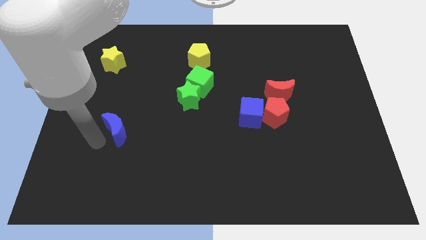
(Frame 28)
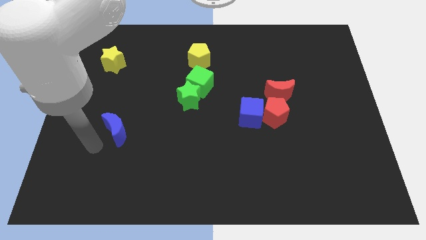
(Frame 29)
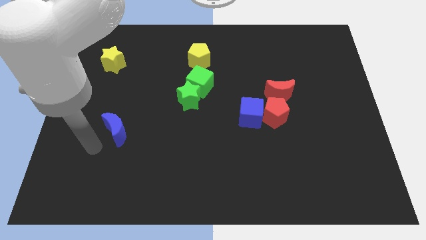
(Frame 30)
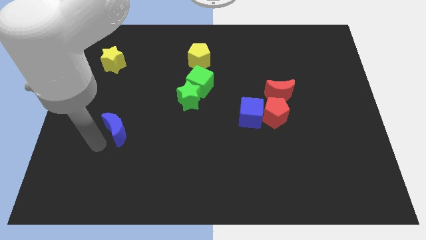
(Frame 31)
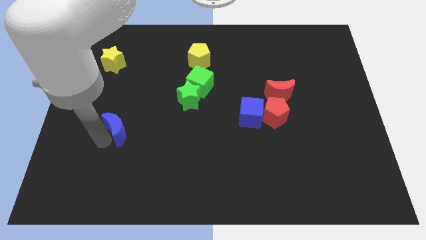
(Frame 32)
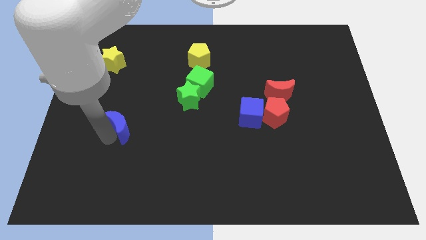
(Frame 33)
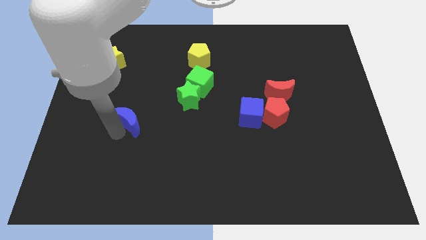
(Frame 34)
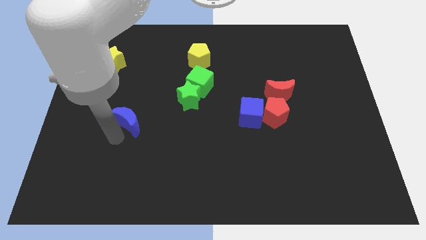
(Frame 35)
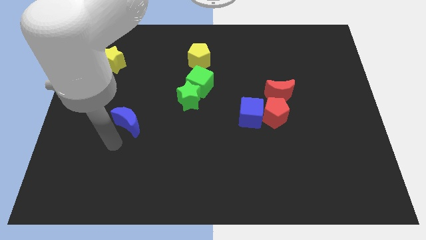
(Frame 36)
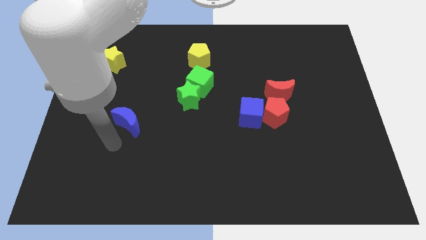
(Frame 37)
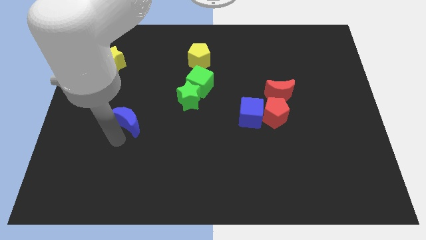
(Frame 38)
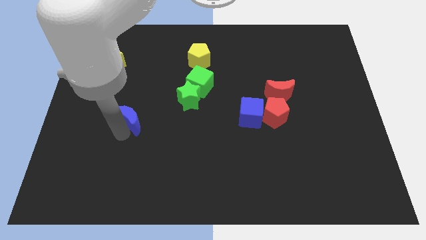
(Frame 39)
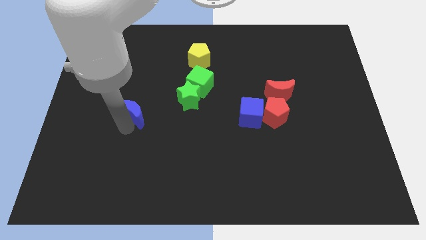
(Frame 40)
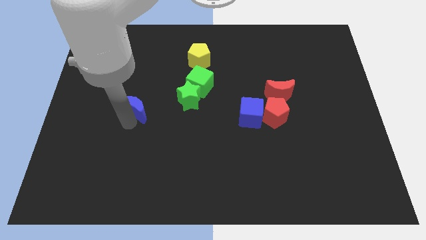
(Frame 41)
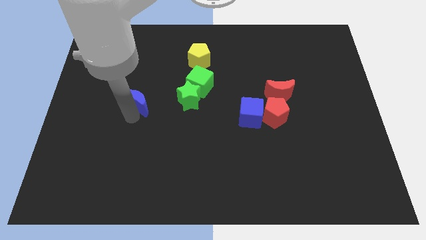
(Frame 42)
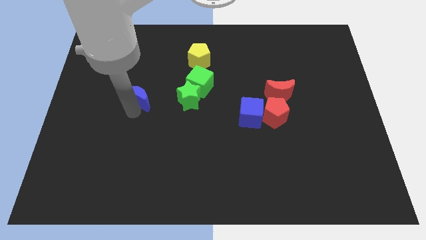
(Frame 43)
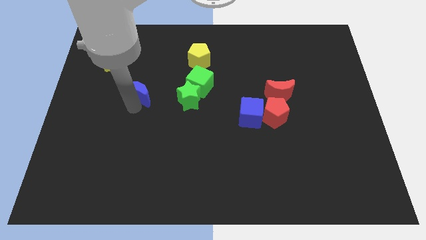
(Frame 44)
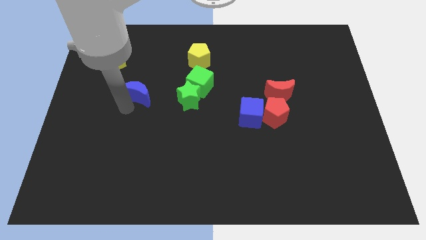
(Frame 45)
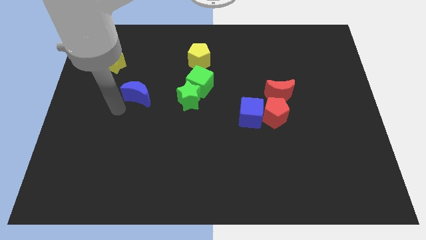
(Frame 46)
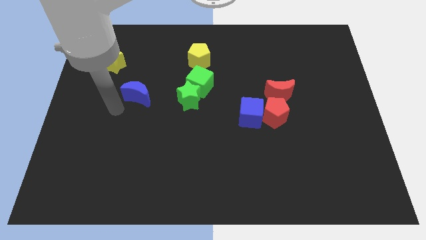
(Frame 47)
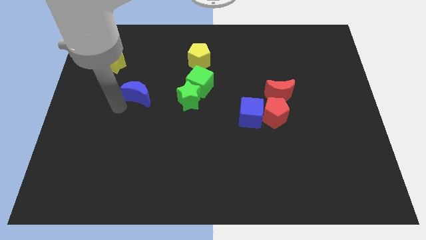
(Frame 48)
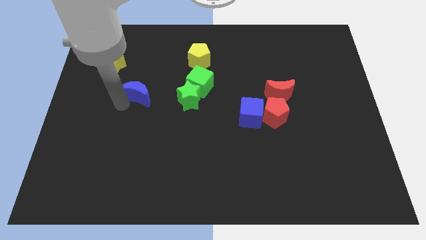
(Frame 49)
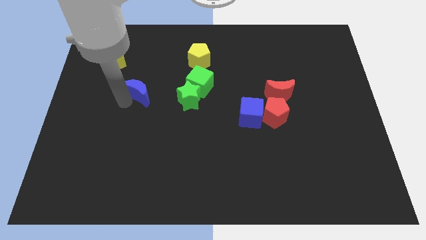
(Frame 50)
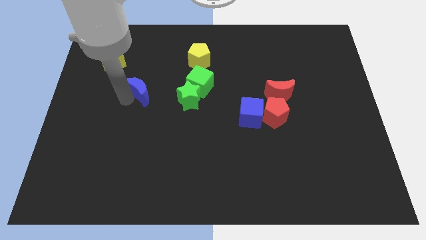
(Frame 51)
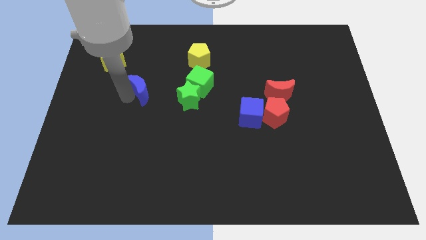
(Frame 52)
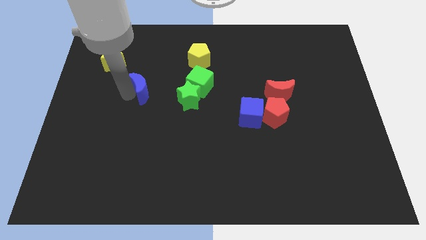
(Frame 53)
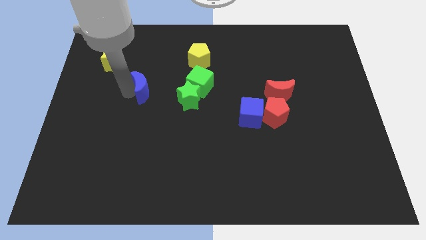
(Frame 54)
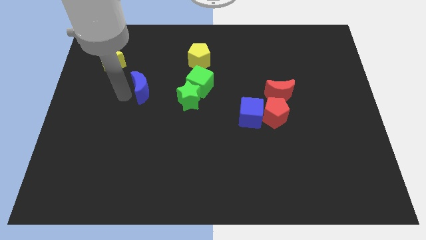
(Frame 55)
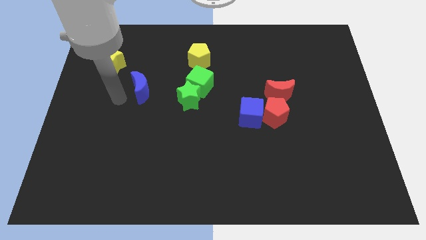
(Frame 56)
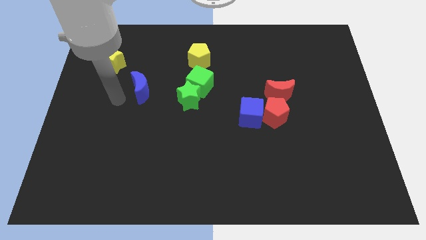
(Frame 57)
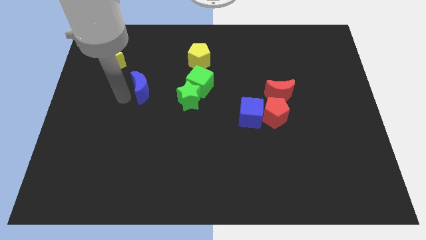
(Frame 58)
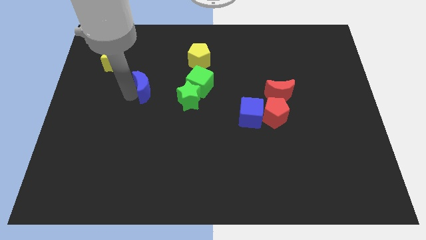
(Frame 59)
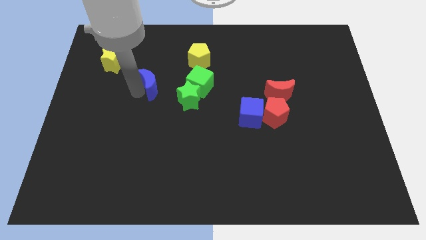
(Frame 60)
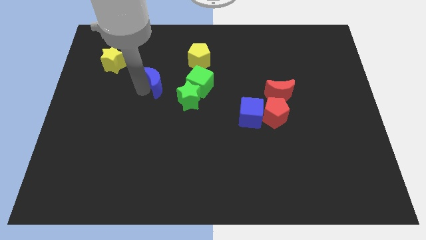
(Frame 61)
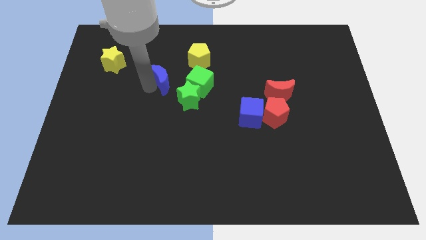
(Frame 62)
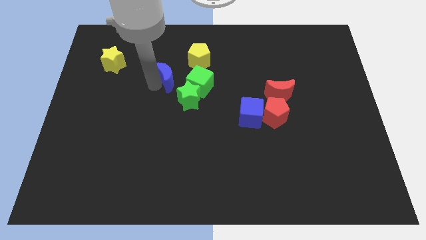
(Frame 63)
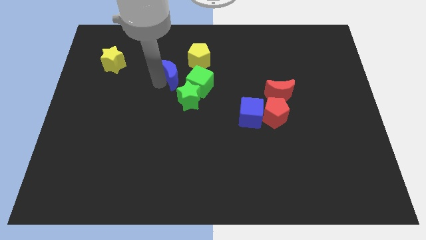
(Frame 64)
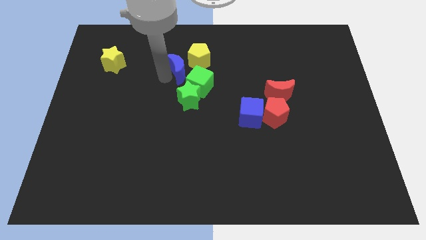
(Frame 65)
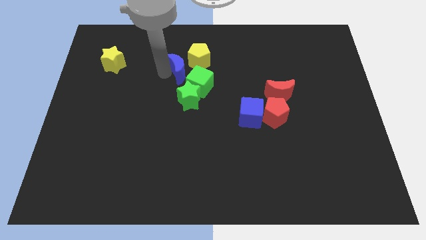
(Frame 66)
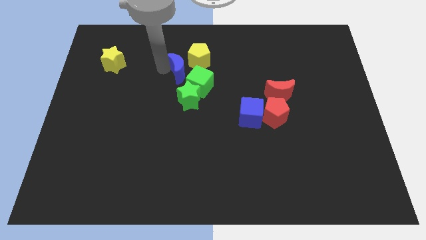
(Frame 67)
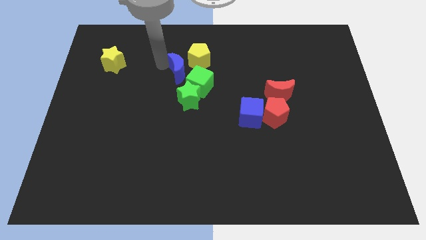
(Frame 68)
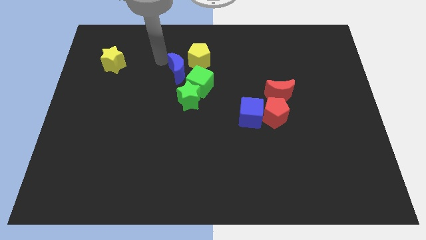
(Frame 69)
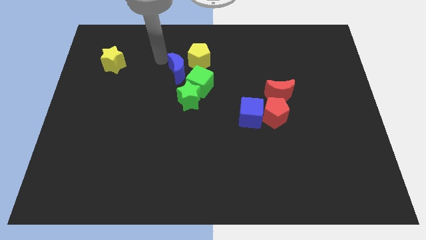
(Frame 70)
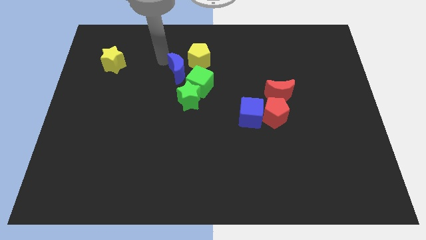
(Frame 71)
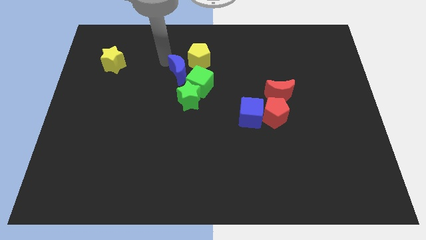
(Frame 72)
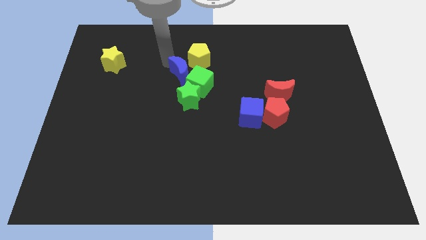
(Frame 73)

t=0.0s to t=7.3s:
• • • •
## ACTIVITY
Output the data above verbatim, pictures excluded.

## EXERCISE RESULT
(Frame 28)
(Frame 29)
(Frame 30)
(Frame 31)
(Frame 32)
(Frame 33)
(Frame 34)
(Frame 35)
(Frame 36)
(Frame 37)
(Frame 38)
(Frame 39)
(Frame 40)
(Frame 41)
(Frame 42)
(Frame 43)
(Frame 44)
(Frame 45)
(Frame 46)
(Frame 47)
(Frame 48)
(Frame 49)
(Frame 50)
(Frame 51)
(Frame 52)
(Frame 53)
(Frame 54)
(Frame 55)
(Frame 56)
(Frame 57)
(Frame 58)
(Frame 59)
(Frame 60)
(Frame 61)
(Frame 62)
(Frame 63)
(Frame 64)
(Frame 65)
(Frame 66)
(Frame 67)
(Frame 68)
(Frame 69)
(Frame 70)
(Frame 71)
(Frame 72)
(Frame 73)

t=0.0s to t=7.3s:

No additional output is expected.